Work required ▸
Repeat only the stretch of lines below that runs from the line with "4. కొన్ని ధ్వనుల్ని" through the line with "ఇలా ఎంచుకొన్న పదాన్ని", unaltered.

The data ▸
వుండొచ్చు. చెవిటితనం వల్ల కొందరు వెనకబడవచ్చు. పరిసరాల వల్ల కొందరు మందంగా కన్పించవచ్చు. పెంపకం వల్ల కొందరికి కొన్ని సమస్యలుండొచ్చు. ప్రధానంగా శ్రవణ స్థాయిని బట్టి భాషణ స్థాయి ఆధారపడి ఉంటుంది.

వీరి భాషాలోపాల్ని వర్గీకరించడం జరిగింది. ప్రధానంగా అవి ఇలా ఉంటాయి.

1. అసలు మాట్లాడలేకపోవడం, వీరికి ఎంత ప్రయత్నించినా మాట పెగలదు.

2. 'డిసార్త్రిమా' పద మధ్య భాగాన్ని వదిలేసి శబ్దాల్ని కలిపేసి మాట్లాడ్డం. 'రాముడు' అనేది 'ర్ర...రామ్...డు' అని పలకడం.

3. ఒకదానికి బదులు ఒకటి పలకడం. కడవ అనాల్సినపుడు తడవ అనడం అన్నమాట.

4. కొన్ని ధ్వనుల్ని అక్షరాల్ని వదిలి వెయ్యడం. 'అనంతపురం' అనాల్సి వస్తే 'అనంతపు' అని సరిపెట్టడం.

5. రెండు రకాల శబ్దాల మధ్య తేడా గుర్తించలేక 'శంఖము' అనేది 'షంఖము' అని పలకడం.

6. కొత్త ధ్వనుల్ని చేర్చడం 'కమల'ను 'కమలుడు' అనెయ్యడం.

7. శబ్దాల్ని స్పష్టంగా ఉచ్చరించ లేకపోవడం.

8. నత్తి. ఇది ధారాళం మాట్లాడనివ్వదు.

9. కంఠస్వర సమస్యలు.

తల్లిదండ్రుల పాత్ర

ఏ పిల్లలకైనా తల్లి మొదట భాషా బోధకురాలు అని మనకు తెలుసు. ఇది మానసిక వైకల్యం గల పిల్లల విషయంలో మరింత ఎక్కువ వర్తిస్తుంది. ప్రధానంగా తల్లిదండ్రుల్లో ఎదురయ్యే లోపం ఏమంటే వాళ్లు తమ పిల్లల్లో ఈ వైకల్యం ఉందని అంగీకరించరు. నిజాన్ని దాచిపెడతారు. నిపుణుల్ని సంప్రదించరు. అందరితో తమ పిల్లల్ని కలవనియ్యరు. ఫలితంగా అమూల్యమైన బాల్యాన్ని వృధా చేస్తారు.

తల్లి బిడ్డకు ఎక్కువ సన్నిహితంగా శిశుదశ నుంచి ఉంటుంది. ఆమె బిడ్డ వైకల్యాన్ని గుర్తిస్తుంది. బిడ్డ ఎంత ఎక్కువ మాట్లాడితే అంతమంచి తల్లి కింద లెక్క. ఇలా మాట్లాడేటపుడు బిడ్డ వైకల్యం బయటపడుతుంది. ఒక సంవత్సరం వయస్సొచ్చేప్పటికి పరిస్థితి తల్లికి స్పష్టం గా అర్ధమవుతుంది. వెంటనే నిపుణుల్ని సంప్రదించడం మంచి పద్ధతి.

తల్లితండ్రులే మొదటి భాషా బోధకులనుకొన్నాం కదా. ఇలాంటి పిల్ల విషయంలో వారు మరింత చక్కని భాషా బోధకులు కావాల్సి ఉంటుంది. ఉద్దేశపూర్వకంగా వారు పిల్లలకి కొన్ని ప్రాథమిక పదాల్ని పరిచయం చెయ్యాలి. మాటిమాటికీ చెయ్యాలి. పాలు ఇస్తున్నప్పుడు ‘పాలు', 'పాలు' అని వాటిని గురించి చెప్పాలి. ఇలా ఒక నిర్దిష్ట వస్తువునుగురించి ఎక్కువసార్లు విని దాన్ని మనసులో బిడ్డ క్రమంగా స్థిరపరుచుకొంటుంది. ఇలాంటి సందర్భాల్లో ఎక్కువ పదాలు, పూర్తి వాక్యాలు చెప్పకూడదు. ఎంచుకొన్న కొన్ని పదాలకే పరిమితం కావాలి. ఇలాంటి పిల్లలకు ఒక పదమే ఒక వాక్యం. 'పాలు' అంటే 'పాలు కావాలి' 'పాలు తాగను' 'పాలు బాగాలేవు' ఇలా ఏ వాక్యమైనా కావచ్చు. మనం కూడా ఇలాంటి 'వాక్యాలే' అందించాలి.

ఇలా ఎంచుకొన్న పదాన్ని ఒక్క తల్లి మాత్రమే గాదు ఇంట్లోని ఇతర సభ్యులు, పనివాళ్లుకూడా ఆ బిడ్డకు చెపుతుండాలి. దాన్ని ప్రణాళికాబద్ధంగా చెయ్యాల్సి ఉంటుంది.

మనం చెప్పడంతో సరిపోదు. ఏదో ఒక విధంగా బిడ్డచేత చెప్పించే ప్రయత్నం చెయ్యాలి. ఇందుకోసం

Response to this task ▸
4. కొన్ని ధ్వనుల్ని అక్షరాల్ని వదిలి వెయ్యడం. 'అనంతపురం' అనాల్సి వస్తే 'అనంతపు' అని సరిపెట్టడం.

5. రెండు రకాల శబ్దాల మధ్య తేడా గుర్తించలేక 'శంఖము' అనేది 'షంఖము' అని పలకడం.

6. కొత్త ధ్వనుల్ని చేర్చడం 'కమల'ను 'కమలుడు' అనెయ్యడం.

7. శబ్దాల్ని స్పష్టంగా ఉచ్చరించ లేకపోవడం.

8. నత్తి. ఇది ధారాళం మాట్లాడనివ్వదు.

9. కంఠస్వర సమస్యలు.

తల్లిదండ్రుల పాత్ర

ఏ పిల్లలకైనా తల్లి మొదట భాషా బోధకురాలు అని మనకు తెలుసు. ఇది మానసిక వైకల్యం గల పిల్లల విషయంలో మరింత ఎక్కువ వర్తిస్తుంది. ప్రధానంగా తల్లిదండ్రుల్లో ఎదురయ్యే లోపం ఏమంటే వాళ్లు తమ పిల్లల్లో ఈ వైకల్యం ఉందని అంగీకరించరు. నిజాన్ని దాచిపెడతారు. నిపుణుల్ని సంప్రదించరు. అందరితో తమ పిల్లల్ని కలవనియ్యరు. ఫలితంగా అమూల్యమైన బాల్యాన్ని వృధా చేస్తారు.

తల్లి బిడ్డకు ఎక్కువ సన్నిహితంగా శిశుదశ నుంచి ఉంటుంది. ఆమె బిడ్డ వైకల్యాన్ని గుర్తిస్తుంది. బిడ్డ ఎంత ఎక్కువ మాట్లాడితే అంతమంచి తల్లి కింద లెక్క. ఇలా మాట్లాడేటపుడు బిడ్డ వైకల్యం బయటపడుతుంది. ఒక సంవత్సరం వయస్సొచ్చేప్పటికి పరిస్థితి తల్లికి స్పష్టం గా అర్ధమవుతుంది. వెంటనే నిపుణుల్ని సంప్రదించడం మంచి పద్ధతి.

తల్లితండ్రులే మొదటి భాషా బోధకులనుకొన్నాం కదా. ఇలాంటి పిల్ల విషయంలో వారు మరింత చక్కని భాషా బోధకులు కావాల్సి ఉంటుంది. ఉద్దేశపూర్వకంగా వారు పిల్లలకి కొన్ని ప్రాథమిక పదాల్ని పరిచయం చెయ్యాలి. మాటిమాటికీ చెయ్యాలి. పాలు ఇస్తున్నప్పుడు ‘పాలు', 'పాలు' అని వాటిని గురించి చెప్పాలి. ఇలా ఒక నిర్దిష్ట వస్తువునుగురించి ఎక్కువసార్లు విని దాన్ని మనసులో బిడ్డ క్రమంగా స్థిరపరుచుకొంటుంది. ఇలాంటి సందర్భాల్లో ఎక్కువ పదాలు, పూర్తి వాక్యాలు చెప్పకూడదు. ఎంచుకొన్న కొన్ని పదాలకే పరిమితం కావాలి. ఇలాంటి పిల్లలకు ఒక పదమే ఒక వాక్యం. 'పాలు' అంటే 'పాలు కావాలి' 'పాలు తాగను' 'పాలు బాగాలేవు' ఇలా ఏ వాక్యమైనా కావచ్చు. మనం కూడా ఇలాంటి 'వాక్యాలే' అందించాలి.

ఇలా ఎంచుకొన్న పదాన్ని ఒక్క తల్లి మాత్రమే గాదు ఇంట్లోని ఇతర సభ్యులు, పనివాళ్లుకూడా ఆ బిడ్డకు చెపుతుండాలి. దాన్ని ప్రణాళికాబద్ధంగా చెయ్యాల్సి ఉంటుంది.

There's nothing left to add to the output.